WHAT IS NEEDED: Please reproduce the data below exactly, from the first line through the line containing "Is the letter", and leave every later line out.

Stored data entries:
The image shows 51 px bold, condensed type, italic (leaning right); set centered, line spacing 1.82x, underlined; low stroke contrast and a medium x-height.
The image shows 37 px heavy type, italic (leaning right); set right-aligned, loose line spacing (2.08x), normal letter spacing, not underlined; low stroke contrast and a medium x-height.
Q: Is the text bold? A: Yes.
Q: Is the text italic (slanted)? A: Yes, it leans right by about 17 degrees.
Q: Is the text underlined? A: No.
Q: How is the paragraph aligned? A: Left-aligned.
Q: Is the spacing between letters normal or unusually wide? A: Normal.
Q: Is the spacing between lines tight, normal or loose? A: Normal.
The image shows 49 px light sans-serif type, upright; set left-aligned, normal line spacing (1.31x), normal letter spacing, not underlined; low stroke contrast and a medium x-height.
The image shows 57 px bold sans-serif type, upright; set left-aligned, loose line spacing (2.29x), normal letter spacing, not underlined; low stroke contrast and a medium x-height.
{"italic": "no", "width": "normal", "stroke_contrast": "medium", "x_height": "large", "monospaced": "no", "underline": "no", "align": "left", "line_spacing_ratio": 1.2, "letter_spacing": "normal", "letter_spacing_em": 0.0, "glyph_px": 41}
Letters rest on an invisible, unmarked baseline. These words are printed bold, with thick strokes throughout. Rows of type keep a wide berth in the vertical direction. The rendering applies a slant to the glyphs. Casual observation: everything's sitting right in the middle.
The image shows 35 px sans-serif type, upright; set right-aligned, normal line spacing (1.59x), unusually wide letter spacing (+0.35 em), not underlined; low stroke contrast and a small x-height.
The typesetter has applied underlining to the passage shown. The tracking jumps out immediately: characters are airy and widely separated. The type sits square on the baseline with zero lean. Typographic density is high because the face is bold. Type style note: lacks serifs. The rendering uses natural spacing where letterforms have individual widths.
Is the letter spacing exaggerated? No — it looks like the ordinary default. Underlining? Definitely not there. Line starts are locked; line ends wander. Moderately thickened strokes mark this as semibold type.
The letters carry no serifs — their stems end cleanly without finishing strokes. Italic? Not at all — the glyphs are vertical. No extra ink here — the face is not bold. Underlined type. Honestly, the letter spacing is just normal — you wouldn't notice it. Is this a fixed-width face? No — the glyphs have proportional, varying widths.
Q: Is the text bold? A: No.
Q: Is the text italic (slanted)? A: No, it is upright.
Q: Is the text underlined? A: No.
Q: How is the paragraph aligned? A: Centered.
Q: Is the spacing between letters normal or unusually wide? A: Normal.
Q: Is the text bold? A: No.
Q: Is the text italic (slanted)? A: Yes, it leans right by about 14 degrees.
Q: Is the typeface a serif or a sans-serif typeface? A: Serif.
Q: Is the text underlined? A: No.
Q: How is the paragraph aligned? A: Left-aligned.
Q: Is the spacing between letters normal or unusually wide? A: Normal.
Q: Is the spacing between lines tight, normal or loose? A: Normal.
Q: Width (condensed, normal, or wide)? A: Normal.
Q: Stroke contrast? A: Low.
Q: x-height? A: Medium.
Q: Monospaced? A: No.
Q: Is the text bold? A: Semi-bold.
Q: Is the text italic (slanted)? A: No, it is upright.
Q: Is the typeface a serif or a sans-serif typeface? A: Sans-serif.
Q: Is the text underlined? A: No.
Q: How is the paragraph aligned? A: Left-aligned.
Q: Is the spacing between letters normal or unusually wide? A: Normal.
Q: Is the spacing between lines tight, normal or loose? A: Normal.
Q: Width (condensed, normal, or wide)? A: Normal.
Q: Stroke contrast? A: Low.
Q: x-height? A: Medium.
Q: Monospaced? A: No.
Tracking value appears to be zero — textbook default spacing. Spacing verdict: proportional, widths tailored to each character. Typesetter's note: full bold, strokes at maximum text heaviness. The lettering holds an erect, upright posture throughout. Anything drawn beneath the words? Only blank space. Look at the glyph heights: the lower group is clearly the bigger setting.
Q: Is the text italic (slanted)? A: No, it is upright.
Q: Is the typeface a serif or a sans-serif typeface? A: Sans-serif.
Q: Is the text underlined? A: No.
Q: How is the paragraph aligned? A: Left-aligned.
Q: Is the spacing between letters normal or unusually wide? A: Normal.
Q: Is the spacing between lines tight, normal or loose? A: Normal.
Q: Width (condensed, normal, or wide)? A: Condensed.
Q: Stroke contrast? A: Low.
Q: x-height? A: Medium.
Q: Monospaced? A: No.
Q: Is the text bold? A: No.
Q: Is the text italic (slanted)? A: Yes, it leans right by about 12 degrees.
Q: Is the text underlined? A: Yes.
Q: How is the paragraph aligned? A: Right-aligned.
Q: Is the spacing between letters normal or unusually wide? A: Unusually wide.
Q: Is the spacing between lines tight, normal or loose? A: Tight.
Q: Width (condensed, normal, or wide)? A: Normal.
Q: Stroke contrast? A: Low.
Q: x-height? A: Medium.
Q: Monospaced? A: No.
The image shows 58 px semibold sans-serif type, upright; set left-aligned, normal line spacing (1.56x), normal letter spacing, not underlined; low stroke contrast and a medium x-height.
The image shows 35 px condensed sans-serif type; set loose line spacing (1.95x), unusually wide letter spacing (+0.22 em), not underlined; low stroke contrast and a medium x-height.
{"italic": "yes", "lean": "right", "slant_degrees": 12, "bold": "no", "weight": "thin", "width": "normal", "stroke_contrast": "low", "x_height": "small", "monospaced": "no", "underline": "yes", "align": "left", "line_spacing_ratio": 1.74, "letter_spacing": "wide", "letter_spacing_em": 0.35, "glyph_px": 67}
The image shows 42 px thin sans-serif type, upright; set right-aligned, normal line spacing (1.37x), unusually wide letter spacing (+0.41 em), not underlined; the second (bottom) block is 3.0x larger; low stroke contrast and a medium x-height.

RESULT OF THE TASK:
The image shows 51 px bold, condensed type, italic (leaning right); set centered, line spacing 1.82x, underlined; low stroke contrast and a medium x-height.
The image shows 37 px heavy type, italic (leaning right); set right-aligned, loose line spacing (2.08x), normal letter spacing, not underlined; low stroke contrast and a medium x-height.
Q: Is the text bold? A: Yes.
Q: Is the text italic (slanted)? A: Yes, it leans right by about 17 degrees.
Q: Is the text underlined? A: No.
Q: How is the paragraph aligned? A: Left-aligned.
Q: Is the spacing between letters normal or unusually wide? A: Normal.
Q: Is the spacing between lines tight, normal or loose? A: Normal.
The image shows 49 px light sans-serif type, upright; set left-aligned, normal line spacing (1.31x), normal letter spacing, not underlined; low stroke contrast and a medium x-height.
The image shows 57 px bold sans-serif type, upright; set left-aligned, loose line spacing (2.29x), normal letter spacing, not underlined; low stroke contrast and a medium x-height.
{"italic": "no", "width": "normal", "stroke_contrast": "medium", "x_height": "large", "monospaced": "no", "underline": "no", "align": "left", "line_spacing_ratio": 1.2, "letter_spacing": "normal", "letter_spacing_em": 0.0, "glyph_px": 41}
Letters rest on an invisible, unmarked baseline. These words are printed bold, with thick strokes throughout. Rows of type keep a wide berth in the vertical direction. The rendering applies a slant to the glyphs. Casual observation: everything's sitting right in the middle.
The image shows 35 px sans-serif type, upright; set right-aligned, normal line spacing (1.59x), unusually wide letter spacing (+0.35 em), not underlined; low stroke contrast and a small x-height.
The typesetter has applied underlining to the passage shown. The tracking jumps out immediately: characters are airy and widely separated. The type sits square on the baseline with zero lean. Typographic density is high because the face is bold. Type style note: lacks serifs. The rendering uses natural spacing where letterforms have individual widths.
Is the letter spacing exaggerated? No — it looks like the ordinary default. Underlining? Definitely not there. Line starts are locked; line ends wander. Moderately thickened strokes mark this as semibold type.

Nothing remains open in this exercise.